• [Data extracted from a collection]
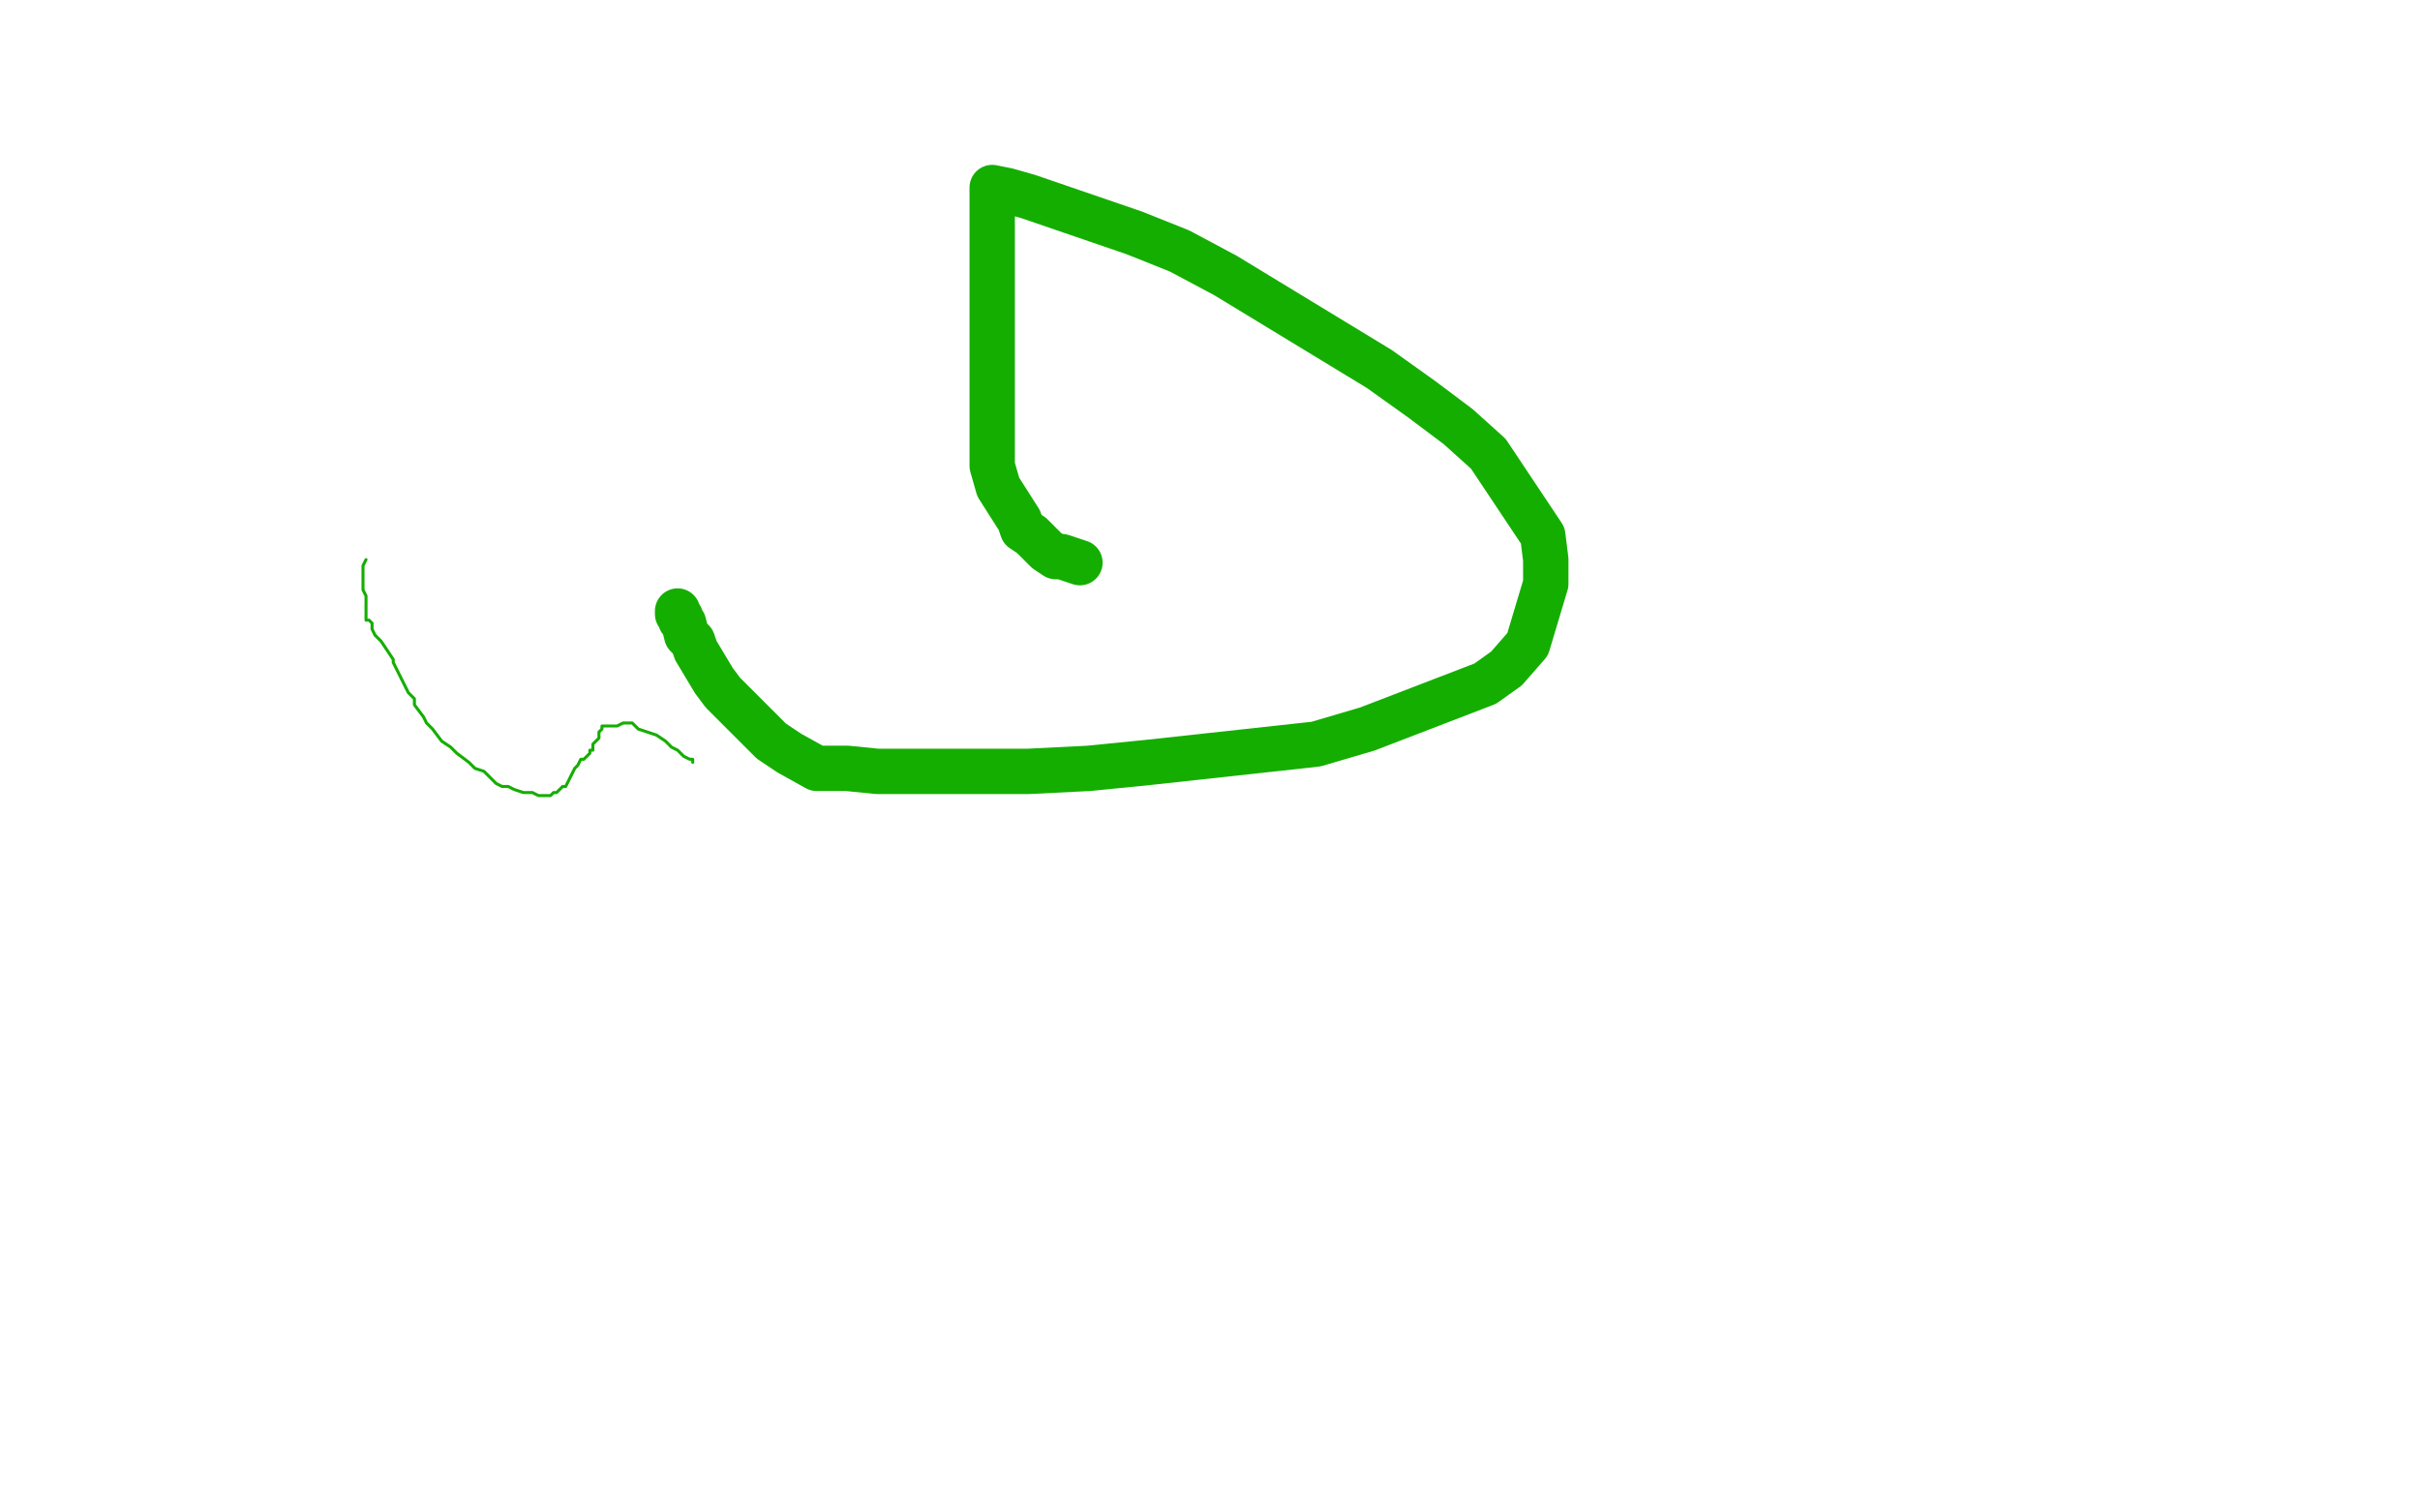 <?xml version="1.0" standalone="no"?>
<!DOCTYPE svg PUBLIC "-//W3C//DTD SVG 1.1//EN"
"http://www.w3.org/Graphics/SVG/1.1/DTD/svg11.dtd">

<svg width="800" height="500" version="1.1" xmlns="http://www.w3.org/2000/svg" xmlns:xlink="http://www.w3.org/1999/xlink" style="stroke-antialiasing: false"><desc>This SVG has been created on https://colorillo.com/</desc><rect x='0' y='0' width='800' height='500' style='fill: rgb(255,255,255); stroke-width:0' /><polyline points="121,185 120,187 120,187 120,188 120,188 120,189 120,189 120,192 120,192 120,194 120,194 120,195 120,195 121,197 121,197 121,199 121,199 121,201 121,201 121,202 121,202 121,203 121,205 122,205 123,206 123,207 123,208 124,210 126,212 128,215 130,218 130,219 132,223 135,229 137,231 137,233 140,237 141,239 143,241 146,245 149,247 151,249 155,252 157,254 160,255 164,259 166,260 168,260 170,261 173,262 174,262 176,262 178,263 179,263 180,263 182,263 183,262 184,262 185,261 186,260 187,260 188,258 189,256 190,254 191,253 192,251 193,251 194,250 195,249 195,248 196,248 196,247 196,246 197,245 198,244 198,243 198,242 199,241 199,240 201,240 202,240 204,240 206,239 208,239 209,239 211,241 217,243 220,245 221,246 222,247 224,248 225,249 226,250 228,251 229,251 229,252" style="fill: none; stroke: #14ae00; stroke-width: 1; stroke-linejoin: round; stroke-linecap: round; stroke-antialiasing: false; stroke-antialias: 0; opacity: 1.0"/>
<polyline points="224,202 224,203 224,203 225,204 225,204 225,205 225,205 226,206 226,206 227,210 227,210 229,212 229,212 230,215 230,215 236,225 236,225 239,229 239,229 243,233 243,233 255,245 255,245 261,249 270,254 280,254 290,255 302,255 340,255 360,254 380,252 435,246 452,241 491,226 498,221 505,213 511,193 511,185 510,177 492,150 482,141 470,132 456,122 405,91 390,83 375,77 340,65 333,63 328,62 328,63 328,65 328,66 328,77 328,82 328,89 328,107 328,115 328,123 328,147 328,154 330,161 337,172 338,175 341,177 346,182 349,184 351,184 357,186" style="fill: none; stroke: #14ae00; stroke-width: 15; stroke-linejoin: round; stroke-linecap: round; stroke-antialiasing: false; stroke-antialias: 0; opacity: 1.0"/>
</svg>
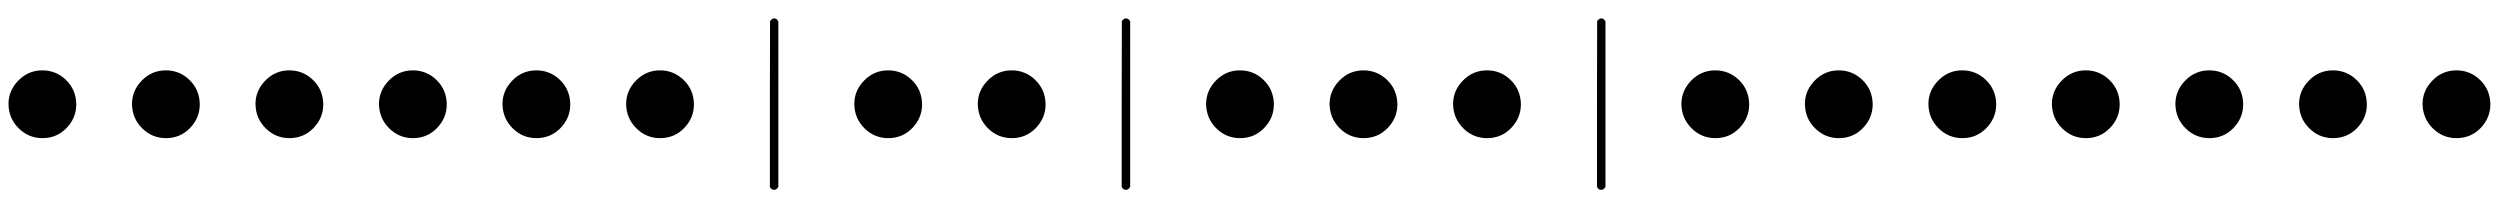 <?xml version="1.0" standalone="no"?>
<!DOCTYPE svg PUBLIC "-//W3C//DTD SVG 1.1//EN" "http://www.w3.org/Graphics/SVG/1.1/DTD/svg11.dtd">
<svg xmlns:xlink="http://www.w3.org/1999/xlink" width="34.181ex" height="2.843ex" style="vertical-align: -0.838ex;" viewBox="0 -863.1 14716.8 1223.9" xmlns="http://www.w3.org/2000/svg">
<defs>
<path stroke-width="10" id="E1-MJMAIN-2219" d="M55 251Q55 328 112 386T249 444T386 388T444 249Q444 171 388 113T250 55Q170 55 113 112T55 251Z"></path>
<path stroke-width="10" id="E1-MJMAIN-2223" d="M139 -249H137Q125 -249 119 -235V251L120 737Q130 750 139 750Q152 750 159 735V-235Q151 -249 141 -249H139Z"></path>
</defs>
<g stroke="currentColor" fill="currentColor" stroke-width="0" transform="matrix(1 0 0 -1 0 0)">
 <use xlink:href="#E1-MJMAIN-2219" x="0" y="0"></use>
 <use xlink:href="#E1-MJMAIN-2219" x="727" y="0"></use>
 <use xlink:href="#E1-MJMAIN-2219" x="1454" y="0"></use>
 <use xlink:href="#E1-MJMAIN-2219" x="2181" y="0"></use>
 <use xlink:href="#E1-MJMAIN-2219" x="2908" y="0"></use>
 <use xlink:href="#E1-MJMAIN-2219" x="3636" y="0"></use>
 <use xlink:href="#E1-MJMAIN-2223" x="4418" y="0"></use>
<g transform="translate(4979,0)">
 <use xlink:href="#E1-MJMAIN-2219" x="0" y="0"></use>
 <use xlink:href="#E1-MJMAIN-2219" x="727" y="0"></use>
</g>
 <use xlink:href="#E1-MJMAIN-2223" x="6489" y="0"></use>
<g transform="translate(7050,0)">
 <use xlink:href="#E1-MJMAIN-2219" x="0" y="0"></use>
 <use xlink:href="#E1-MJMAIN-2219" x="727" y="0"></use>
 <use xlink:href="#E1-MJMAIN-2219" x="1454" y="0"></use>
</g>
 <use xlink:href="#E1-MJMAIN-2223" x="9287" y="0"></use>
<g transform="translate(9848,0)">
 <use xlink:href="#E1-MJMAIN-2219" x="0" y="0"></use>
 <use xlink:href="#E1-MJMAIN-2219" x="727" y="0"></use>
 <use xlink:href="#E1-MJMAIN-2219" x="1454" y="0"></use>
 <use xlink:href="#E1-MJMAIN-2219" x="2181" y="0"></use>
 <use xlink:href="#E1-MJMAIN-2219" x="2908" y="0"></use>
 <use xlink:href="#E1-MJMAIN-2219" x="3636" y="0"></use>
 <use xlink:href="#E1-MJMAIN-2219" x="4363" y="0"></use>
</g>
</g>
</svg>

• [ASSIGNED TASK] Set down all the entries above verbatim, and include none of the pictures.

• [ANSWER SPACE]
 <?xml version="1.0" standalone="no"?>
<!DOCTYPE svg PUBLIC "-//W3C//DTD SVG 1.1//EN"
"http://www.w3.org/Graphics/SVG/1.1/DTD/svg11.dtd">

<svg width="800" height="500" version="1.1" xmlns="http://www.w3.org/2000/svg" xmlns:xlink="http://www.w3.org/1999/xlink" style="stroke-antialiasing: false"><desc>This SVG has been created on https://colorillo.com/</desc><rect x='0' y='0' width='800' height='500' style='fill: rgb(255,255,255); stroke-width:0' /><polyline points="121,185 120,187 120,187 120,188 120,188 120,189 120,189 120,192 120,192 120,194 120,194 120,195 120,195 121,197 121,197 121,199 121,199 121,201 121,201 121,202 121,202 121,203 121,205 122,205 123,206 123,207 123,208 124,210 126,212 128,215 130,218 130,219 132,223 135,229 137,231 137,233 140,237 141,239 143,241 146,245 149,247 151,249 155,252 157,254 160,255 164,259 166,260 168,260 170,261 173,262 174,262 176,262 178,263 179,263 180,263 182,263 183,262 184,262 185,261 186,260 187,260 188,258 189,256 190,254 191,253 192,251 193,251 194,250 195,249 195,248 196,248 196,247 196,246 197,245 198,244 198,243 198,242 199,241 199,240 201,240 202,240 204,240 206,239 208,239 209,239 211,241 217,243 220,245 221,246 222,247 224,248 225,249 226,250 228,251 229,251 229,252" style="fill: none; stroke: #14ae00; stroke-width: 1; stroke-linejoin: round; stroke-linecap: round; stroke-antialiasing: false; stroke-antialias: 0; opacity: 1.0"/>
<polyline points="224,202 224,203 224,203 225,204 225,204 225,205 225,205 226,206 226,206 227,210 227,210 229,212 229,212 230,215 230,215 236,225 236,225 239,229 239,229 243,233 243,233 255,245 255,245 261,249 270,254 280,254 290,255 302,255 340,255 360,254 380,252 435,246 452,241 491,226 498,221 505,213 511,193 511,185 510,177 492,150 482,141 470,132 456,122 405,91 390,83 375,77 340,65 333,63 328,62 328,63 328,65 328,66 328,77 328,82 328,89 328,107 328,115 328,123 328,147 328,154 330,161 337,172 338,175 341,177 346,182 349,184 351,184 357,186" style="fill: none; stroke: #14ae00; stroke-width: 15; stroke-linejoin: round; stroke-linecap: round; stroke-antialiasing: false; stroke-antialias: 0; opacity: 1.0"/>
</svg>
 <?xml version="1.0" standalone="no"?>
<!DOCTYPE svg PUBLIC "-//W3C//DTD SVG 1.1//EN" "http://www.w3.org/Graphics/SVG/1.1/DTD/svg11.dtd">
<svg xmlns:xlink="http://www.w3.org/1999/xlink" width="34.181ex" height="2.843ex" style="vertical-align: -0.838ex;" viewBox="0 -863.1 14716.8 1223.9" xmlns="http://www.w3.org/2000/svg">
<defs>
<path stroke-width="10" id="E1-MJMAIN-2219" d="M55 251Q55 328 112 386T249 444T386 388T444 249Q444 171 388 113T250 55Q170 55 113 112T55 251Z"></path>
<path stroke-width="10" id="E1-MJMAIN-2223" d="M139 -249H137Q125 -249 119 -235V251L120 737Q130 750 139 750Q152 750 159 735V-235Q151 -249 141 -249H139Z"></path>
</defs>
<g stroke="currentColor" fill="currentColor" stroke-width="0" transform="matrix(1 0 0 -1 0 0)">
 <use xlink:href="#E1-MJMAIN-2219" x="0" y="0"></use>
 <use xlink:href="#E1-MJMAIN-2219" x="727" y="0"></use>
 <use xlink:href="#E1-MJMAIN-2219" x="1454" y="0"></use>
 <use xlink:href="#E1-MJMAIN-2219" x="2181" y="0"></use>
 <use xlink:href="#E1-MJMAIN-2219" x="2908" y="0"></use>
 <use xlink:href="#E1-MJMAIN-2219" x="3636" y="0"></use>
 <use xlink:href="#E1-MJMAIN-2223" x="4418" y="0"></use>
<g transform="translate(4979,0)">
 <use xlink:href="#E1-MJMAIN-2219" x="0" y="0"></use>
 <use xlink:href="#E1-MJMAIN-2219" x="727" y="0"></use>
</g>
 <use xlink:href="#E1-MJMAIN-2223" x="6489" y="0"></use>
<g transform="translate(7050,0)">
 <use xlink:href="#E1-MJMAIN-2219" x="0" y="0"></use>
 <use xlink:href="#E1-MJMAIN-2219" x="727" y="0"></use>
 <use xlink:href="#E1-MJMAIN-2219" x="1454" y="0"></use>
</g>
 <use xlink:href="#E1-MJMAIN-2223" x="9287" y="0"></use>
<g transform="translate(9848,0)">
 <use xlink:href="#E1-MJMAIN-2219" x="0" y="0"></use>
 <use xlink:href="#E1-MJMAIN-2219" x="727" y="0"></use>
 <use xlink:href="#E1-MJMAIN-2219" x="1454" y="0"></use>
 <use xlink:href="#E1-MJMAIN-2219" x="2181" y="0"></use>
 <use xlink:href="#E1-MJMAIN-2219" x="2908" y="0"></use>
 <use xlink:href="#E1-MJMAIN-2219" x="3636" y="0"></use>
 <use xlink:href="#E1-MJMAIN-2219" x="4363" y="0"></use>
</g>
</g>
</svg>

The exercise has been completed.